▸ **INFORMATION PROVIDED**:
····················
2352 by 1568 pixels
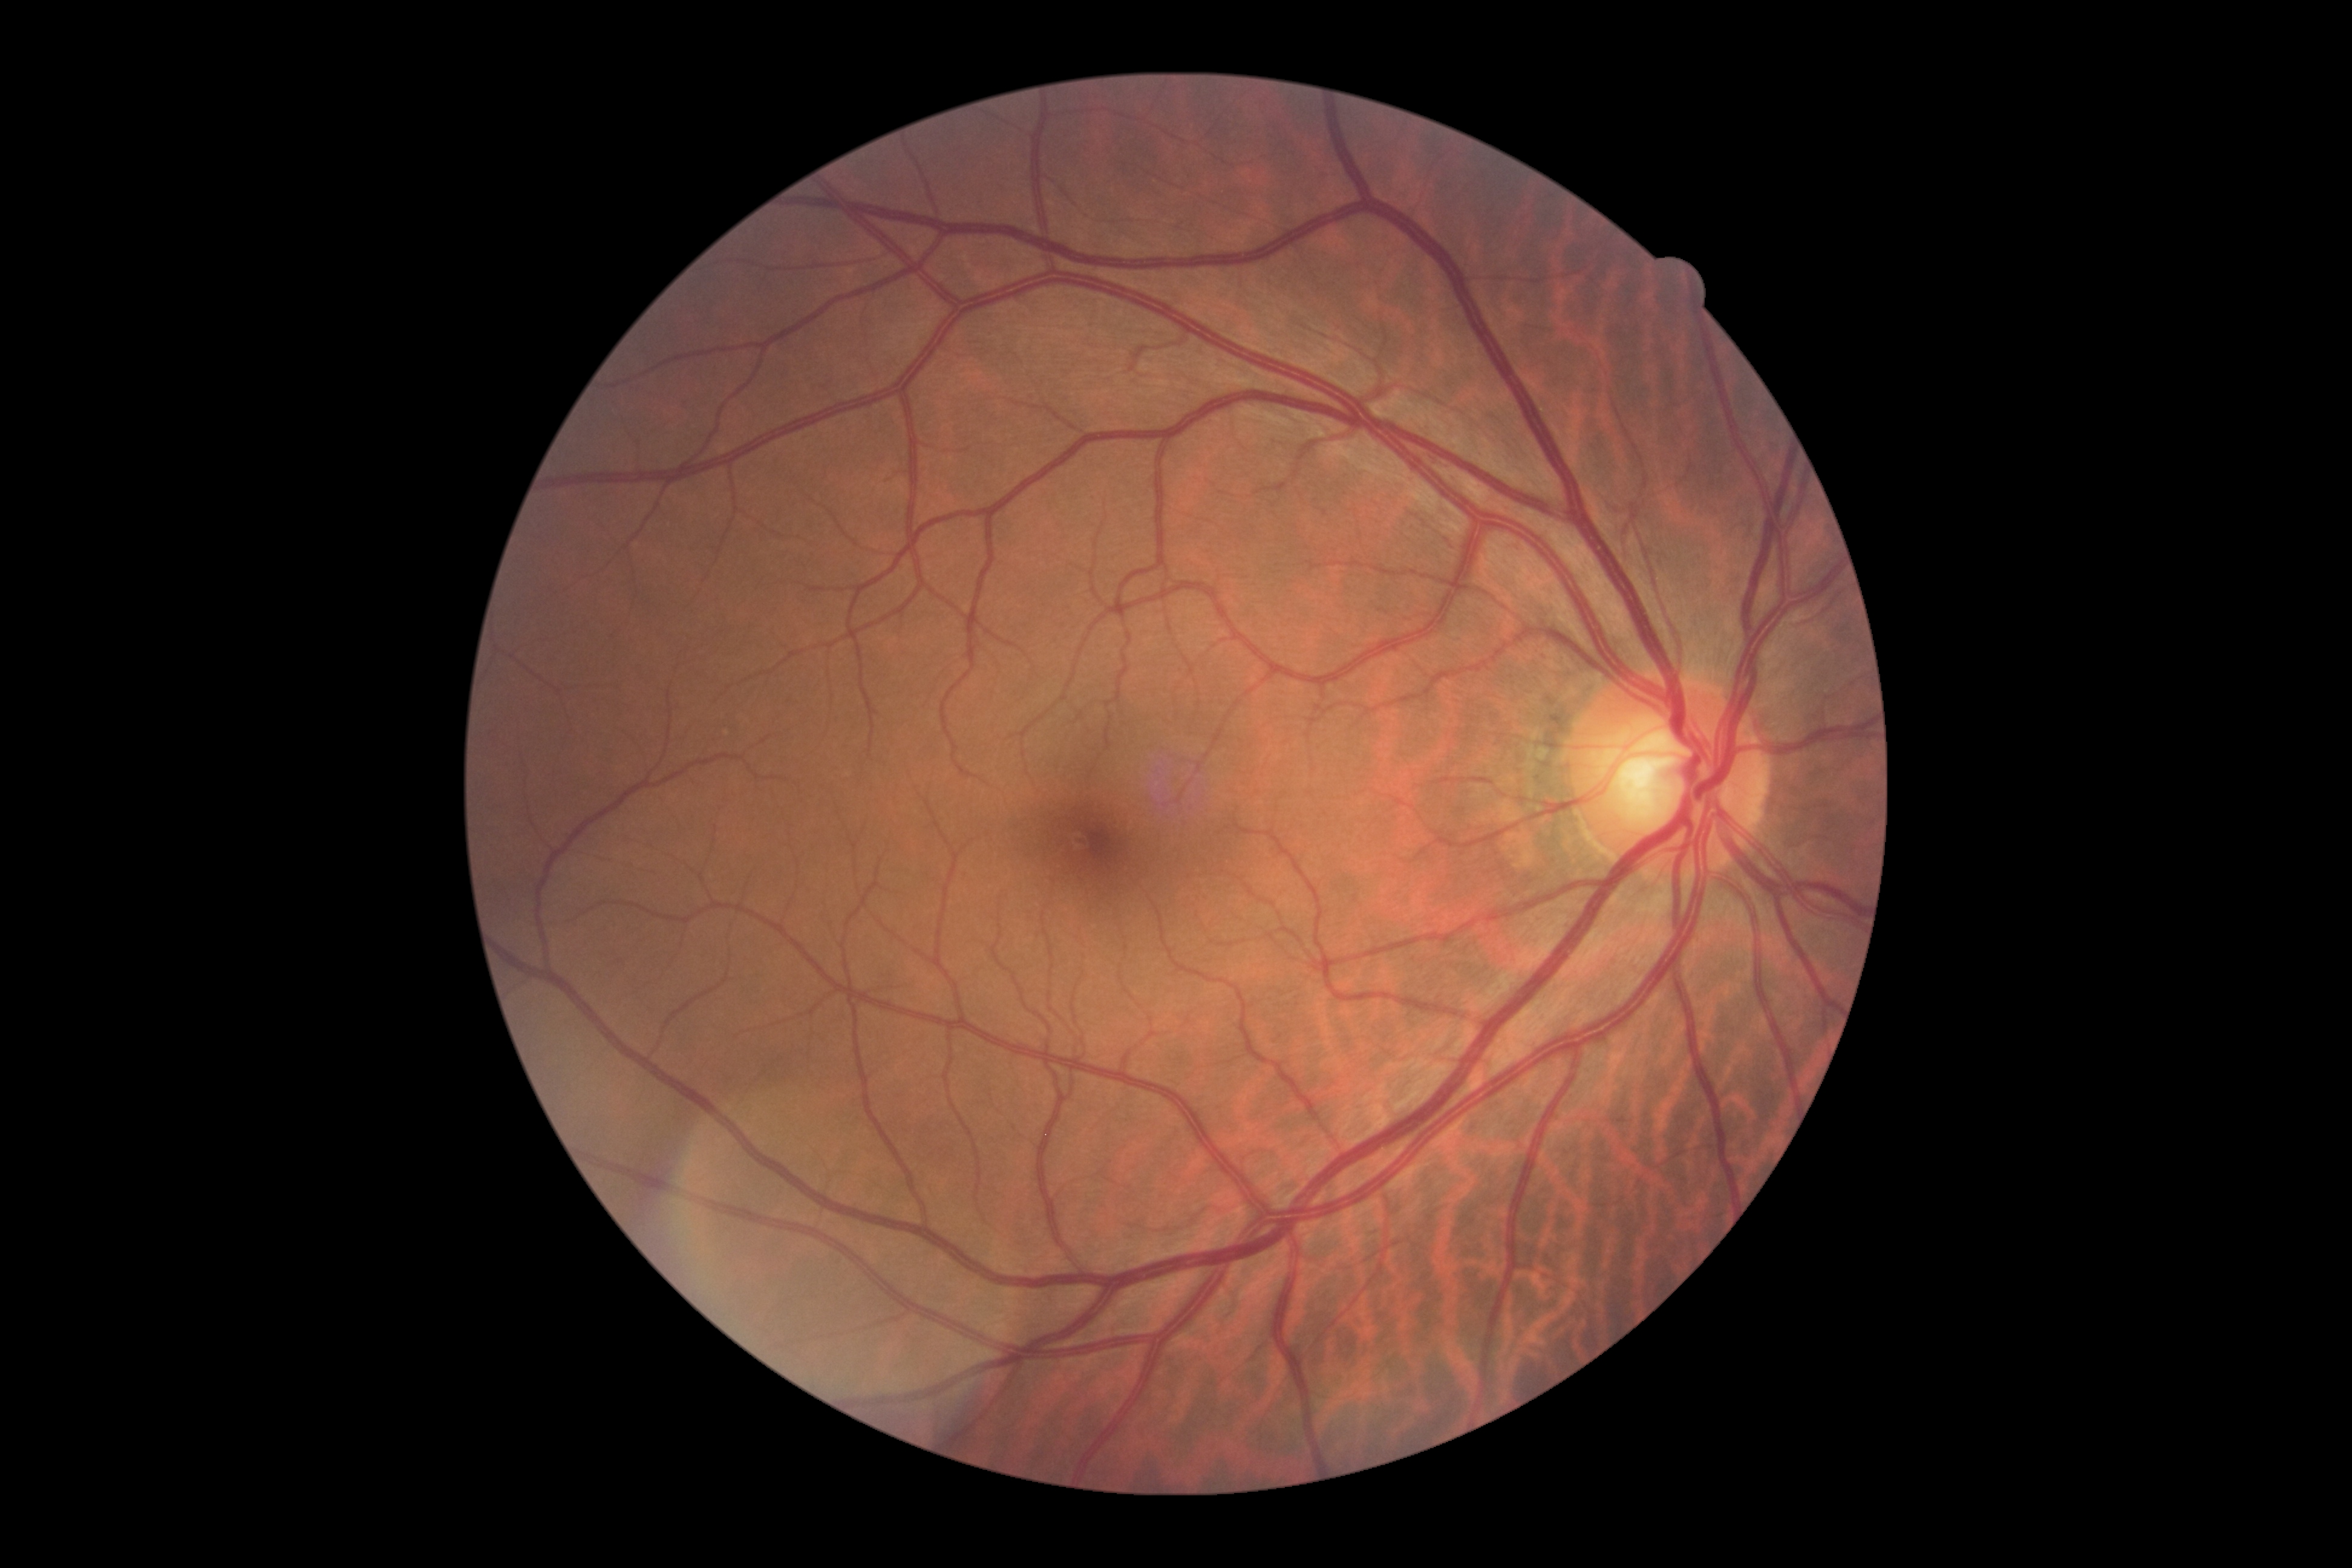 Findings:
- DR impression: no apparent DR
- DR: grade 0 (no apparent retinopathy)
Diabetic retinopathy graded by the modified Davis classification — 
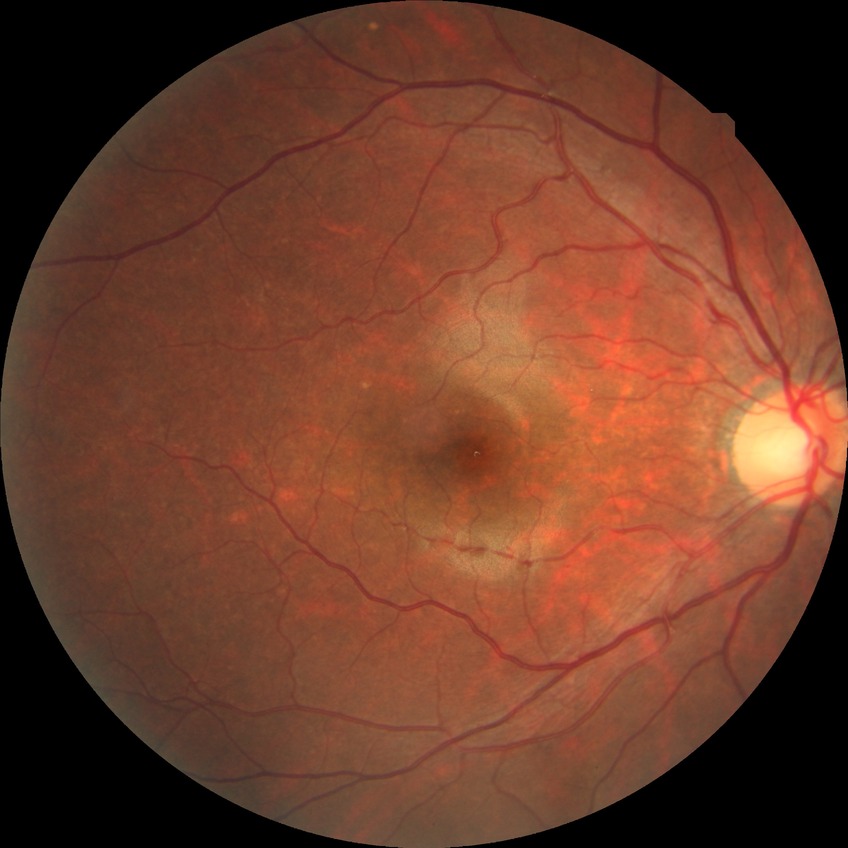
····················
▸ **AIM OF THE TASK**: Each record must be repeated exactly, and no picture may be carried over.

▸ **EXERCISE RESPONSE**:
2352 by 1568 pixels
 Findings:
- DR impression: no apparent DR
- DR: grade 0 (no apparent retinopathy)
Diabetic retinopathy graded by the modified Davis classification — 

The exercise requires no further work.